Я наслаждалась одиночеством. Пила его, как из ковша студеную воду. И не могла напиться. Год, два, три. Утолять жажду было приятно, но сделать это до конца невозможно. Она, то душила, то топила. А случалось так, что давала силы действовать. И в этот момент появлялись мои новые интересы, плела мандалы, шила игрушки или писала картины на дереве.

Но самое ценное – мои мировые подруги. Тысячи слов «голосовыми», обо всем, потоком. Что вы знаете о разговорах по телефону? Мой рекорд 4 часа. Достойный результат? Для меня, да. Это оказалось единственной возможностью очистить себя, понять и принять. И дела по дому легче спорятся, когда у тебя в ухе компаньон. Мы восхваляли создателей известного зеленого мессенджера.

И вот уныние в глазах покидает насиженное место, появляются огоньки надежды.

А вы чувствуете, что счастьем как-то не особо пахнет? Неужели действительно всё так серо и безрадостно? Может ли человек столько времени тонуть? Вдохи то должны быть? И они были, как зимнее солнце, светит, но не греет. Фокус задерживали страдания и самоедство. Летние моменты, когда дом полон гостей, друзей. Я наполнялась эйфорической радостью, но не более, чем на пару дней. После я сливалась в раздражение и усталость.

Ваше состояние, барышня, попахивает диагнозом. Честно признаться, стоило бы обратиться к специалисту.

И в принципе – это разумная идея. Но ведь от самой мысли – мороз охватывает все тело. И всплывают в голове картинки с озвучкой из детства: «Психичка психованная».

Что за странный рингтон?

Это сопровождение моих действий в детстве. Вот навскидку: Семья собралась за обеденным столом, обстановка мирная, но тихая. Прямо мрачная тишина, так как отец смотрит новости, а значит всем молчать. Усаживаемся на свои места, еще не успеваем приступить к трапезе, как посуда начинает ритмично постукивать. Землетрясение? Да, нет же, такое трясение у нас обычное явление. Это отец. Трясет ногой. Да, прямо так активно. И этот момент беспокоит только меня. Честно, меня это просто бесит. И я говорю:

– Папа, не тряси, пожалуйста.

– О, психичка психованная.

И тряска усиливается. Я убегаю в слезах. Вдогонку слышу ту же фразу, но уже голосом сестры или мамы.

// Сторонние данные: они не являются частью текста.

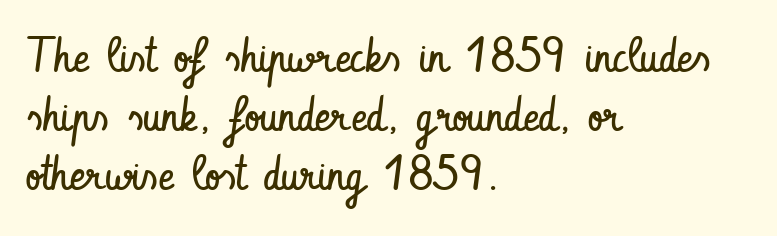
{"serif": "no", "italic": "no", "bold": "no", "weight": "regular", "width": "condensed", "stroke_contrast": "low", "x_height": "small", "monospaced": "no", "underline": "no", "align": "left", "line_spacing_ratio": 1.23, "letter_spacing": "normal", "letter_spacing_em": 0.0, "glyph_px": 48}

А бывали и такие случаи, я в комнате делаю уроки, читаю, пишу, мечтаю или рисую, и вот через стенку телевизор. Громко. Очень громко. Перебивает даже радио в комнате. Я начинаю заводиться, но терплю, я же предчувствую эти благословения в свой адрес. Все же сдаюсь, мои детские силы терпежа ограничены, я не выдерживаю, выхожу из комнаты и почти криком прошу:

– Сделайте телевизор потише.

– Дверь у себя закрой, психованная.

И опачки, громкость увеличивается вместе с хихиканьем сестры. Я в слезах хлопаю дверью и падаю на кровать. Я желаю провалиться в нее, как в гроб, и заколотиться поглубже, чтобы не слышать больше ни телевизор, ни хихиканье, ни эту фразу, выжигающую мое сердце. Такая спираль крутила мое детство.

Это очень странное отношение к ребенку. Причем, оно поддерживалось всей семьей. И страх оказаться в «психушке» сковывал мое поведение, мои фразы, мои желания. Целью жизни стало – изо всех сил сдерживаться, чтобы никто не догадался, что я «психованная психичка». С годами я перестала понимать, ЧТО я сдерживаю, но расслабиться уже не могла.

Во время третьей беременности. Сил держать контроль, просто не стало. И меня сносило. Диалоги в голове, порой успокаивали, а в иной раз пугали и без того напряженное существо. Беседы выглядят примерно так:

– Наталья, у вас срывы?

– Да.

– Отстаивание своих границ?

– Да, но как.

– И как же?

– Через истерики, через крики и маты.